They will be 10 miles apart after 3 hours.

To calculate how long after they start will they be 10 miles apart, we need to assume that after 1 one hour, they were at the same distance (5 miles), then, calculate the time when they are 10 miles apart, knowing that Paul increased its speed two times, running first at 5mph and then, at 10 mph.

The time that will pass to be 10 miles apart can be calculated using the following equation:

$TotalTime=TimeToReach5miles+TimeToBe10milesApart$

Calculating the time to reach 5 miles for both Larry and Paul, at a speed of 5 mph, we have:

$x=xo+v*t\\\\5miles=0+5mph*t\\\\t=\frac{5miles}{5mph}=1hour$

We have that to reach a distance of 5 miles, they needed 1 hour.
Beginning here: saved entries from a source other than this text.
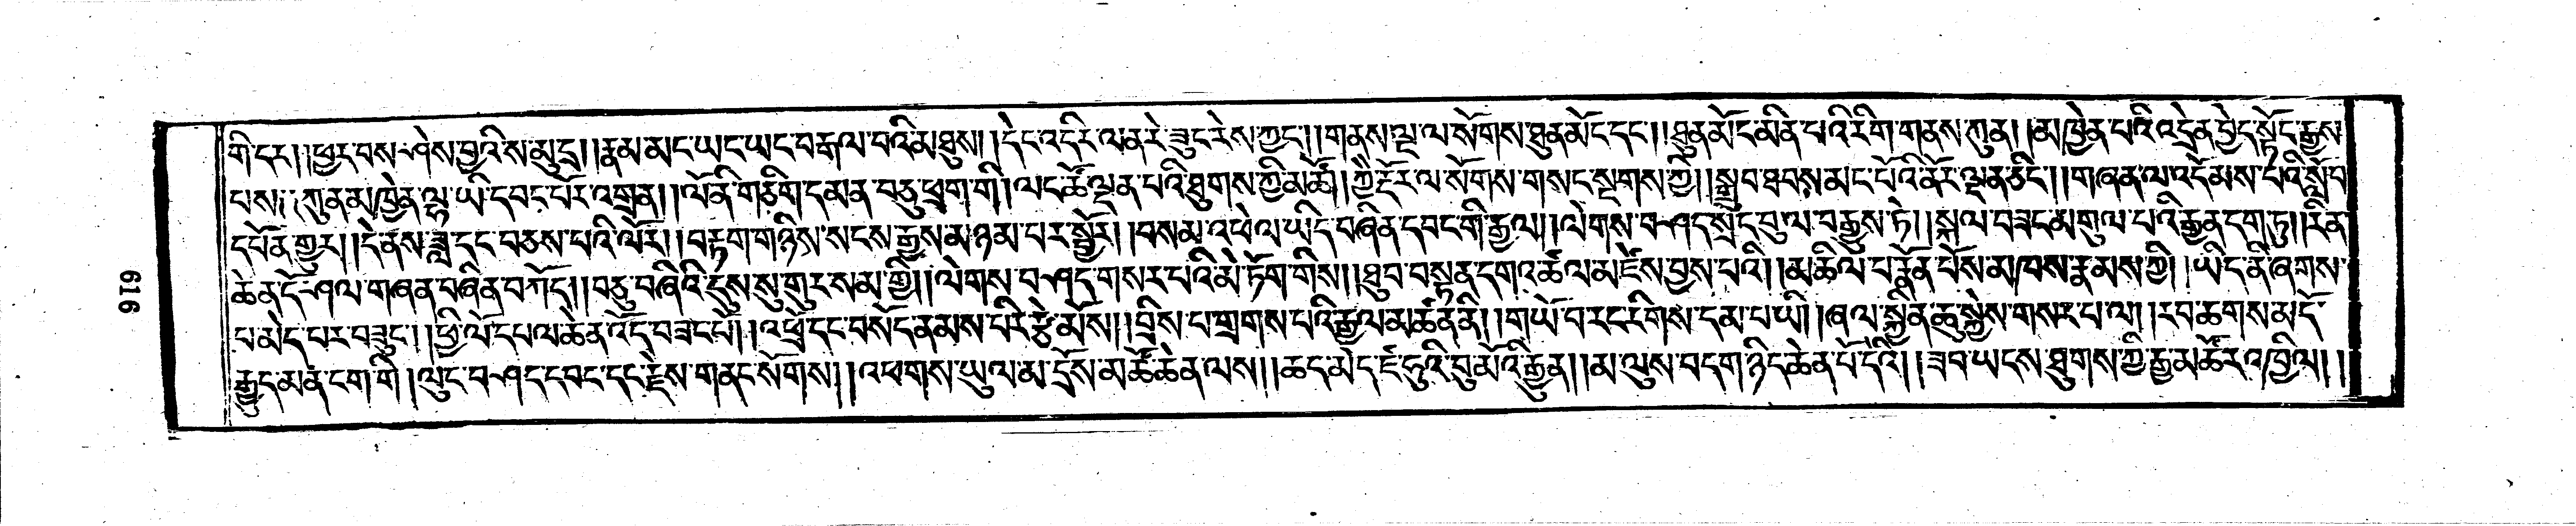གི་དར། །ཕྱར་བས་ཤེས་བྱའི་ས་མུ་དྲ། །རྣམ་མང་ཡང་ཡང་བརྒལ་བའི་མཐུས། །དེང་འདིར་ལན་རེ་ཟུང་རེས་ཀྱང་། །གནས་ལྔ་ལ་སོགས་ཐུན་མོང་དང་། །ཐུན་མོང་མིན་པའི་རིག་གནས་ཀུན། །མཁྱེན་པའི་འདྲེན་བྱེད་སྟོང་རྒྱས་
པས༑ ༑ཀུན་མཁྱེན་ལྷ་ཡི་དབང་པོར་འགྲན། །ལོ་ནི་གཅིག་དམན་བཅུ་ཕྲག་གི །ལང་ཚོ་ལྡན་པའི་ཐུགས་ཀྱི་མཚོ། །ཀྱཻ་རྡོར་ལ་སོགས་གསང་སྔགས་ཀྱི། །སྒྲུབ་ཐབས་མང་པོའི་ནོར་ལྡན་ཅིང་། །གཞན་ལ་འདོམས་པའི་སློབ་
དཔོན་གྱུར། །དེ་ནས་ཟླ་དང་བཅས་པའི་ལོར། །བརྟག་གཉིས་སངས་རྒྱས་མཉམ་པར་སྦྱོར། །བསམ་འཕེལ་ཡིད་བཞིན་དབང་གི་རྒྱལ། །ལེགས་བཤད་སྲད་བུ་ལ་བརྒྱུས་ཏེ། །སྐལ་བཟང་མགུལ་པའི་རྒྱན་དག་ཏུ། །རིན་
ཆེན་དོ་ཤལ་གཞན་བཞིན་བཀོད། །བཅུ་བཞིའི་དུས་སུ་གུར་སམ་གྱི། །ལེགས་བཤད་གསར་པའི་མེ་ཏོག་གིས། །ཐུབ་བསྟན་དགའ་ཚལ་མཛེས་བྱས་པའི། །མཆིལ་པ་རྣོན་པོས་མཁས་རྣམས་ཀྱི། །ཡིད་ནི་ཞགས་
པ་མེད་པར་བཟུང་། །ཕྱི་ལོ་དཔལ་ཆེན་འོད་བཟང་པོ། །འཕྲེ་དང་བསོད་ནམས་པིར་རྩེ་མོས། །བྲིས་པ་གྲགས་པའི་རྒྱལ་མཚན་ནི། །གཡོ་བ་རང་རིགས་དམ་པ་ཡི། །ཞལ་སྐྱེན་ཆུ་སྐྱེས་གསར་པ་ལ། །རབ་ཆགས་མདོ་
རྒྱུད་མན་ངག་གི །ལུང་བཤད་དབང་དང་རྗེས་གནང་སོགས། །འཕགས་ཡུལ་མ་དྲོས་མཚོ་ཆེན་ལས། །ཚད་མེད་ཛ་ཧུའི་བུ་མོའི་རྒྱུན། །མ་ལུས་བདག་ཉིད་ཆེན་པོ་དེའི། །ཟབ་ཡངས་ཐུགས་ཀྱི་རྒྱ་མཚོར་འཁྱིལ། །
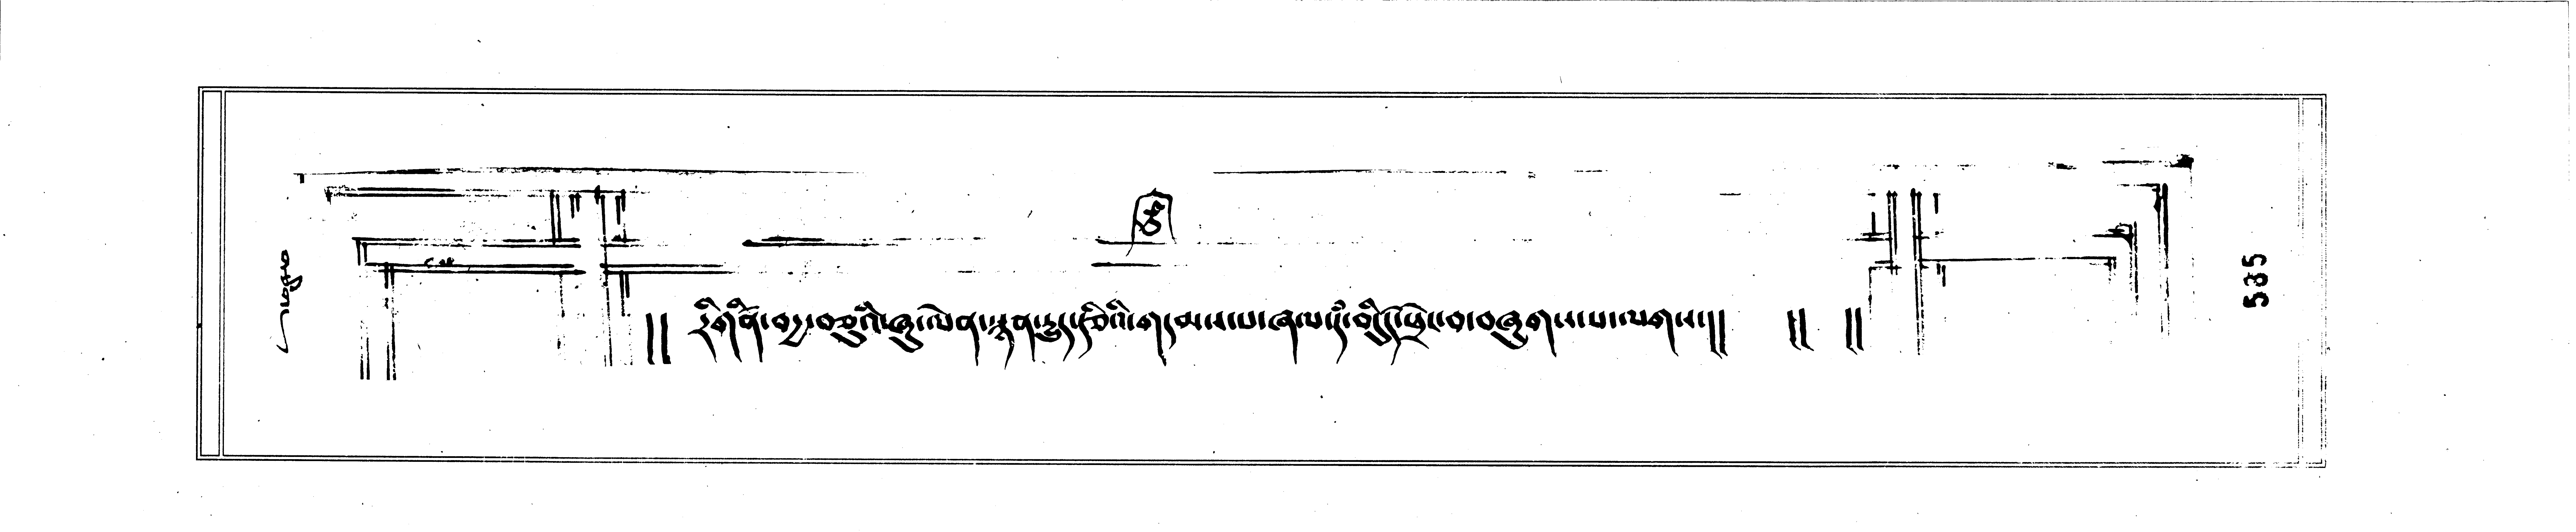༼ཙ༽།། རིག་འཛིན་བརྒྱད་བཅུའི་ཞུ་ལེན་སྙན་རྒྱུད་ཞལ་གདམ་བདུད་རྩིའི་འཕྲེང་བ་བཞུགས་སོ།
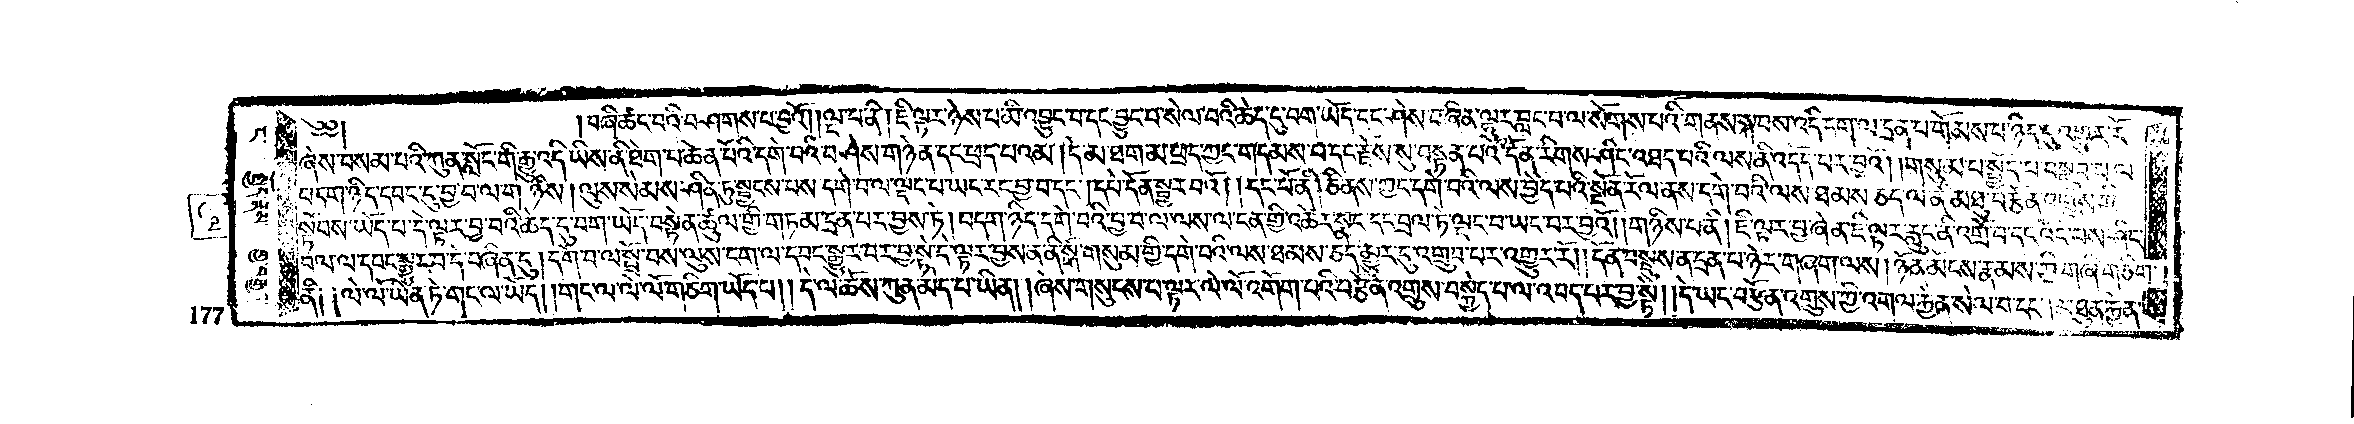༄༅། །བཞི་ཚང་བའི་བཤགས་པ་བྱའོ། །ལང་པ་ནི། ཇི་ལྟར་ཉེས་པ་མི་འབྱུང་བ་དང་བྱུང་བ་སེལ་བའི་ཆེ་དུ་བག་ཡོད་དང་ཤེས་བཞིན་ལྷུར་བླང་བ་ལ་སོགས་པའི་གནས་སྐབས་འདི་དག་ལ་དྲན་པ་གོམས་པ་ཉིད་དུ་འགྱུར་རོ་
ཞེ་བསམ་པའི་ཀུན་སློང་གི་རྒྱུ་འདི་ཡིས་ནི་ཐེག་པ་ཆེན་པོའི་དགེ་བའི་བཤེས་གཉེན་དང་ཕྲད་པའམ། དེ་མ་ཐག་མ་ཕྲད་ཀྱང་གདམས་པ་དང་རྫོས་སུ་བསྟན་པའི་དོན་རིགས་ཤིང་འཐད་པའི་ལས་ནི་འདོད་པར་བྱའོ། །གསུམ་པ་སྤྱོད་པ་བསྒྲུབ་པ་ལ་
བདག་ཉིད་དབང་དུ་བྱ་བ་ལ་གཉིས། ལུས་སེམས་ཤིན་ཏུ་སྦྱངས་པས་དགེ་བ་ལ་ལྡང་བ་ཡང་རང་བྱ་བ་དང་། དཔེ་དོན་སྦྱར་བའོ། །དང་པོ་ནི། ཅི་ནས་ཀྱང་དགེ་བའི་ལས་བྱེད་པའི་སྔོན་རོལ་ནས་དགེ་བའི་ལས་ཐམས་ཅད་ལ་ནི་མཐུ་བརྩོན་འགྲུས་ཀྱི་
སྟོབས་ཡོད་པ་དེ་ལྟར་བྱ་བའི་ཆེད་དུ་བག་ཡོད་བསྟེན་ཚུལ་གྱི་གཏམ་དྲན་པར་བྱས་ཏེ། བདག་ཉིད་དགེ་བའི་བྱ་བ་ལ་ལས་ལ་ངན་གྱི་འཚེར་སྣང་དང་བྲལ་ཏེ་ལྡང་བ་ཡང་བར་བྱའོ། །གཉིས་པ་ནི། ཇི་ལྟར་བྱ་ཞེ་ན་ཇི་ལྟར་རླུང་ནི་འགྲོ་བ་དང་འོང་བས་ཤིང་
བལ་ལ་དབང་སྒྱུར་བ་དེ་བཞིན་དུ། དགེ་བ་ལ་སྤྲོ་བས་ལུས་ངག་ལ་དབང་སྒྱུར་བར་བྱ་སྟེ་དེ་ལྟར་བྱས་ན་ནི་སྒོ་གསུམ་གྱི་དགེ་བའི་ལས་ཐམས་ཅད་མྱུར་དུ་འགྲུབ་པར་འགྱུར་རོ། །དོན་བསྡུས་ན་དྲན་པ་ཉེར་གཞག་ལས། ཉོན་མོངས་རྣམས་ཀྱི་གཞི་གཅིག་
ནི༑ ༑ལེ་ལོ་ཡིན་ཏེ་གང་ལ་ཡོད། །གང་ལ་ལེ་ལོ་གཅིག་ཡོད་པ། །དེ་ལ་ཆོས་ཀུན་མེད་པ་ཡིན། །ཞེས་གསུངས་པ་ལྟར་ལེ་ལོ་འགོག་པའི་བརྩོན་འགྲུས་བསྐྱེད་པ་ལ་འབད་པར་བྱ་སྟེ། དེ་ཡང་བརྩོན་འགྲུས་ཀྱི་འགལ་རྐྱེན་སེལ་བ་དང་། མཐུན་རྐྱེན་
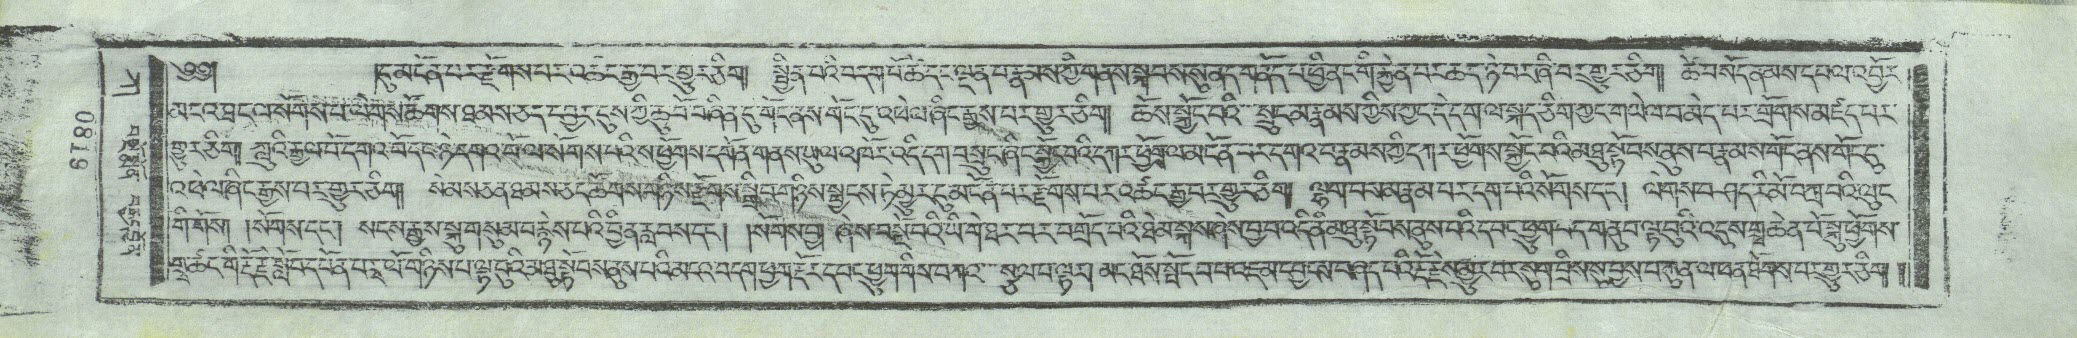༄༅། །དུ་མངོན་པར་རྫོགས་པར་འཚང་རྒྱ་བར་གྱུར་ཅིག །སྦྱིན་པའི་བདག་པོ་ཚེ་དང་ལྡན་པ་རྣམས་ཀྱི་གནས་སྐབས་སུ་ནད་གནོད་པ་ཕྱི་ནང་གི་རྐྱེན་བར་ཆད་ཉེ་བར་ཞི་བར་གྱུར་ཅིག །ཚེ་བསོད་ནམས་དཔལ་འབྱོར་
མངའ་བྲང་ལ་སོགས་པ་ལེགས་ཚོགས་ཐམས་ཅད་དབྱར་དུས་ཀྱི་ཆུ་བོ་བཞིན་དུ་གོང་ནས་གོང་དུ་འཕེལ་ཞིང་རྒྱས་པར་གྱུར་ཅིག །ཆོས་སྐྱོང་བའི་སྲུང་མ་རྣམས་ཀྱིས་ཀྱང་དེ་དག་ལ་སྐད་ཅིག་ཀྱང་གཡེལ་བ་མེད་པར་གྲོགས་མཛད་པར་
གྱུར་ཅིག །ཀླུའི་རྒྱལ་པོ་དགའ་བོ་དང་ཉེ་དགའ་པོ་ལ་སོགས་པའི་ས་ཕྱོགས་དགོན་གནས་ཡུལ་འཁོར་འདི་དག་བསྲུང་ཞིང་སྐྱོང་བའི་དཀར་ཕྱོགས་ལ་མངོན་པར་དགའ་བ་རྣམས་ཀྱི་དཀར་ཕྱོགས་སྐྱོང་བའི་མཐུ་སྟོབས་ནུས་པ་རྣམས་གོང་ནས་གོང་དུ་
འཕེལ་ཞིང་རྒྱས་པར་གྱུར་ཅིག །སེམས་ཅན་ཐམས་ཅད་ཚོགས་གཉིས་རྫོགས་སྒྲིབ་གཉིས་སྦྱངས་ཏེ་མྱུར་དུ་མངོན་པར་རྫོགས་པར་འཚང་རྒྱ་བར་གྱུར་ཅིག །ལྷག་བསམ་རྣམ་པར་དག་པའི་སོགས་དང་། ལེགས་བཤད་རི་མོ་བཀྲ་བའི་ལུང་
གི་གོས། །སོགས་དང་། སངས་སྐུ་གསུམ་བརྙེས་པའི་བྱིན་རླབས་དང་། །སོགས་བུ། ཞེས་བསྔོ་བའི་ཡི་གེ་ཐར་བར་བགྲོད་པའི་ཐེམ་སྐས་ཞེས་བྱ་བ་འདི་ནི་མཐུ་སྟོབས་ནུས་པའི་དབང་ཕྱུག་བདག་ནུབ་ལྟ་བུའི་འདུས་གྲྭ་ཆེན་པོ་སྐུ་ཕྱོགས་
གྲྭ་ཚང་གི་རྡོ་རྗེ་སློབ་དཔོན་པ་རྭ་ལོ་གཉིས་པ་ལྟ་བུའི་མཐུ་སྟོབས་ནུས་པའི་མངའ་བདག་ཕྱག་རྡོར་དབང་ཕྱུག་གིས་བཀའ་སྩལ་པ་ལྟར། མང་ཐོས་སྤོང་བ་པ་འཇམ་དབྱངས་བཞད་པའི་རྡོ་རྗེས་མྱུར་བར་སུག་བྲིས་སུ་བྱས་པ་ཀུན་ལ་ཕན་ཐོགས་པར་གྱུར་ཅིག།། །།

We need to remember that at this time, they were at the same distance.

If we want to know how many time will it take for them to be 10 miles apart with Paul increasing its speed to 10mph, we need to assume that after that time, the distance reached by Paul will be the distance reached by Larry plus 10 miles.

So, for the second moment (Paul increasing his speed) we have:

For Larry:

$x_{L}=5miles+5mph*t$

Therefore, the distance of Paul will be equal to the distance of Larry plus 10 miles.

For Paul:

$x{L}+10miles=xo+10mph*t\\\\5miles+5mph*t+10miles=5miles+10mph*t\\\\5miles+10miles-5miles=10mph*t-5mph*t\\\\10miles=5mph*t\\\\t=\frac{10miles}{5mph}=2hours$

Then, there will take 2 hours to Paul to be 10 miles apart from Larry after both were at 5 miles and Paul increased his speed to 10 mph.

Hence, calculating the total time, we have:

$TotalTime=TimeToReach5miles+TimeToBe10milesApart$

$TotalTime=1hour+2hours=3hours$

Have a nice day!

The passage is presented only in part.